Today i had the possibility to reinvestigate the problem. Remembering the OpenCV basics (1) for the Mat-structure and the fact that only one calculation takes a huge amount of time, i had the solution.

In OpenCV, each row of an image could be reached by a row-pointer. For iterating columns (done in u-disparity calculation) i suspect, that OpenCV needs to resolve every row-pointer + column-offset for building the histogram.

Changing the Code in a way, that OpenCV is able to use row-pointer, solves the problem for me.

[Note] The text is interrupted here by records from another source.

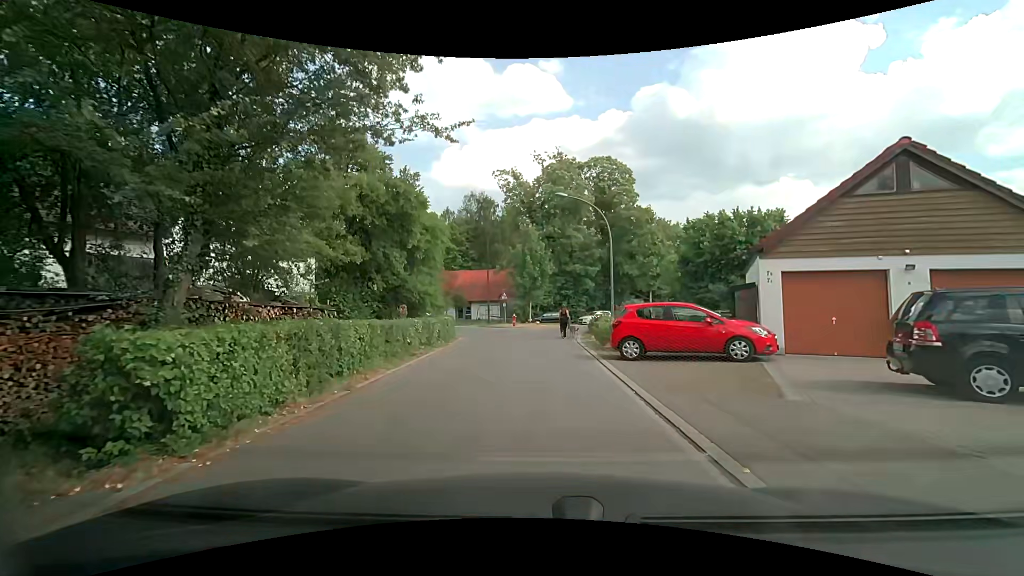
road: residential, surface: asphalt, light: Day
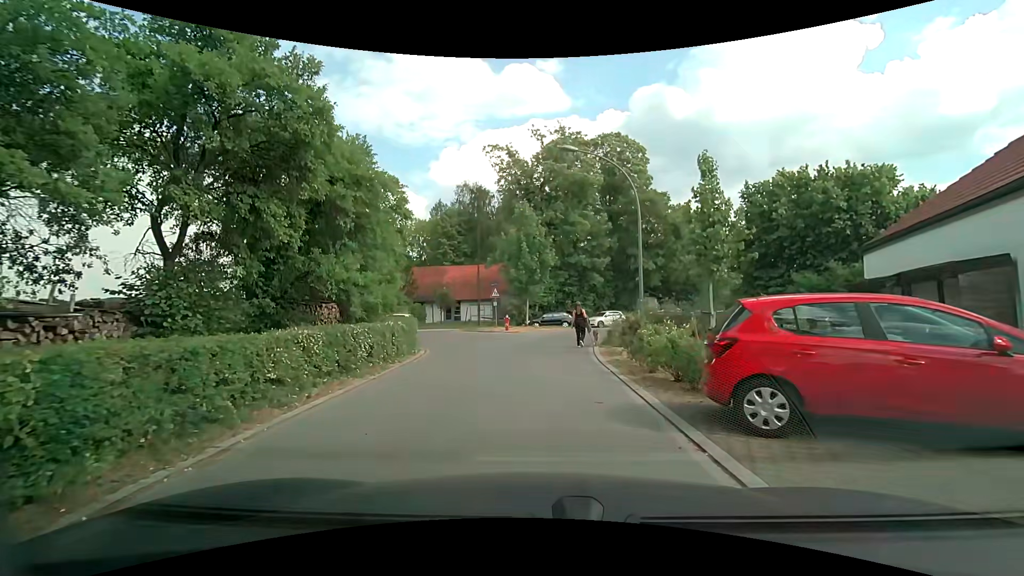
(0.0, +7.6) m; +1°
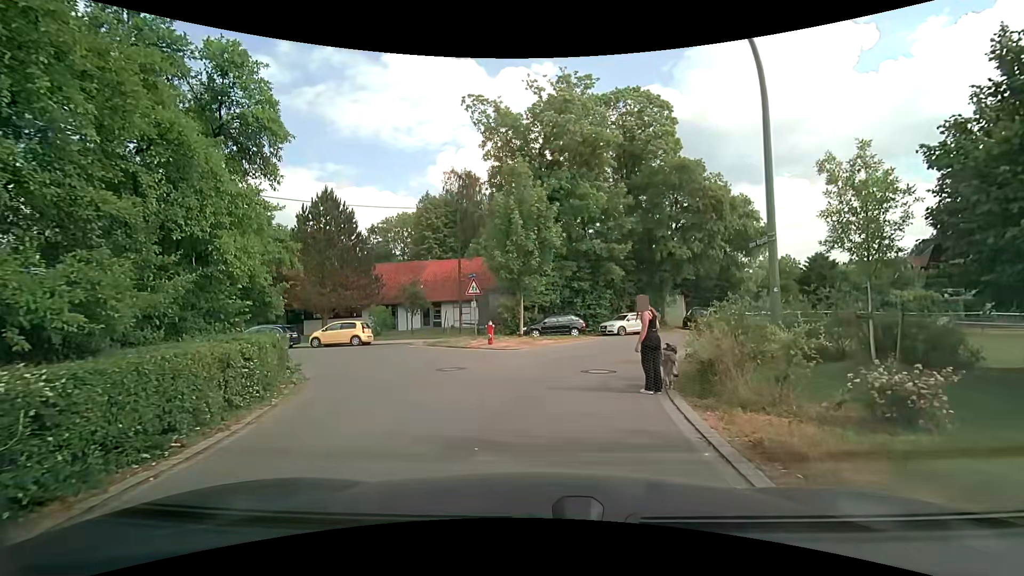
(0.0, +10.6) m; +1°
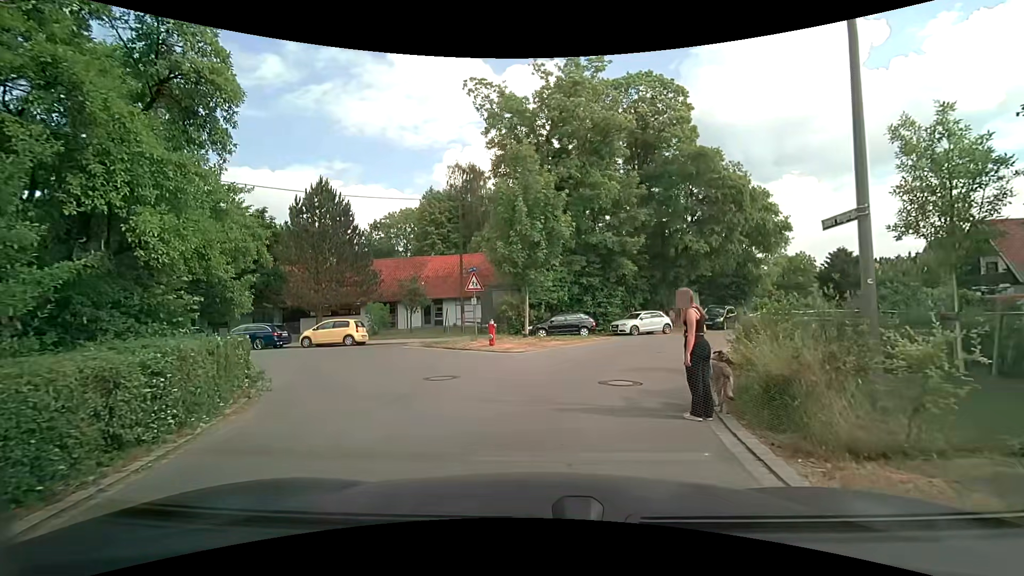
(0.0, +2.1) m; -1°
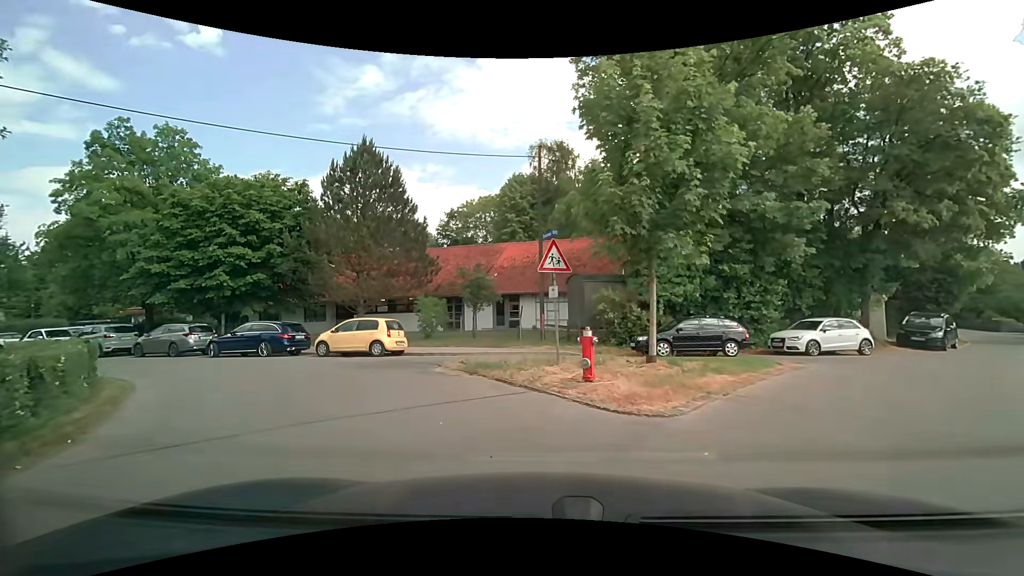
(-0.7, +9.2) m; -9°
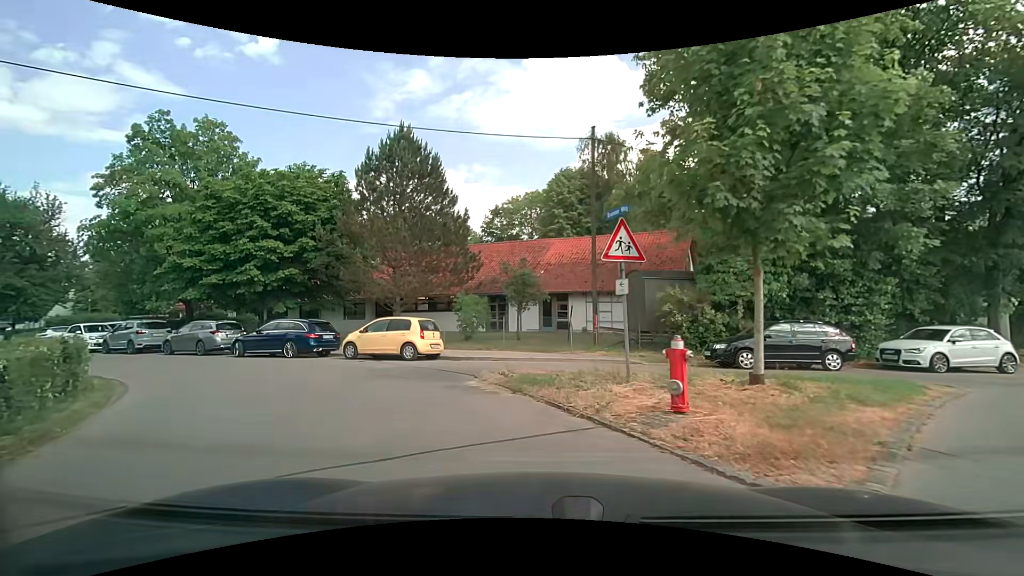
(-0.1, +2.5) m; -6°
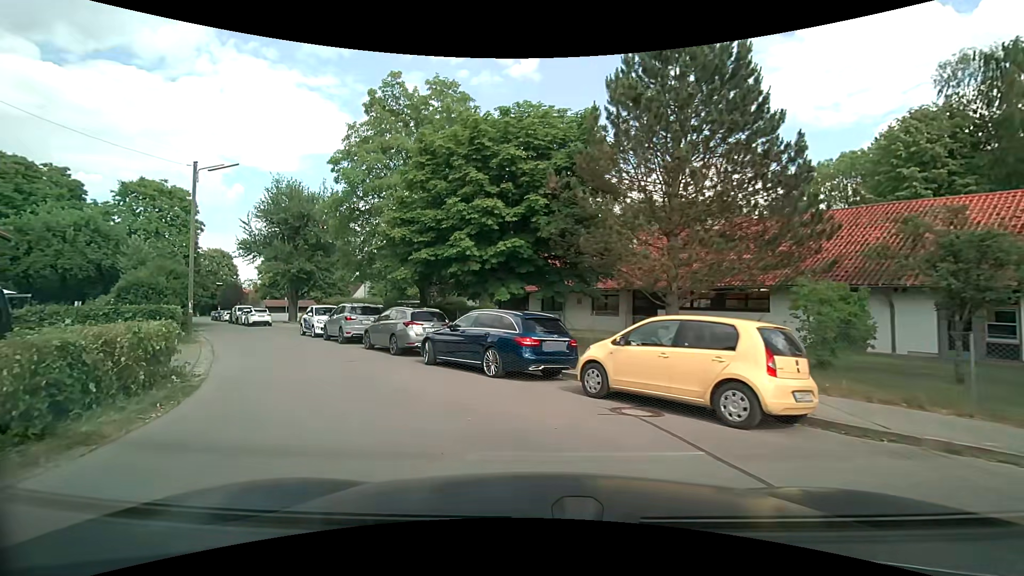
(-2.4, +9.4) m; -26°
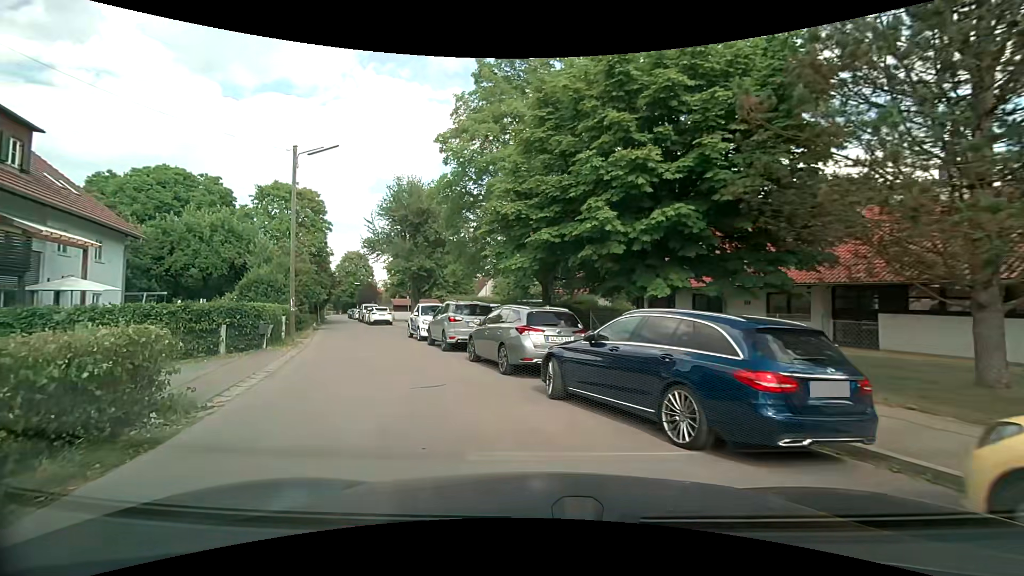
(-0.7, +5.1) m; -15°

            | old code [s] | changed [s]
------------+--------------+-------------
V-HIST-TIME | 0.00351909   | 0.00334152
U-HIST-TIME | 0.600039     | 0.00449285

So for the u-hist-loop i transpose the image and reverse the operation after the loop. The line wise access for calculation could now be done via the row-pointer.

Changed Codelines:

        // === CALCULATE U-HIST ===
        image = image.t();
        for(int i = 0; i < IMAGE_WIDTH; i++)
        {
            tmpImageMat = image.row(i);
            uhist.col(i).copyTo(tmpHistMat);

            cv::calcHist(&tmpImageMat, 1, channels, cv::Mat(), tmpHistMat, 1, histSize, hist_ranges, true, false);

            uhist.col(i) = tmpHistMat / (float) IMAGE_WIDTH;
        }
        image = image.t();

Finally my second question takes effect, the runtime-issue belongs not to the loop. A time less than 5 ms is (for now) fast enough.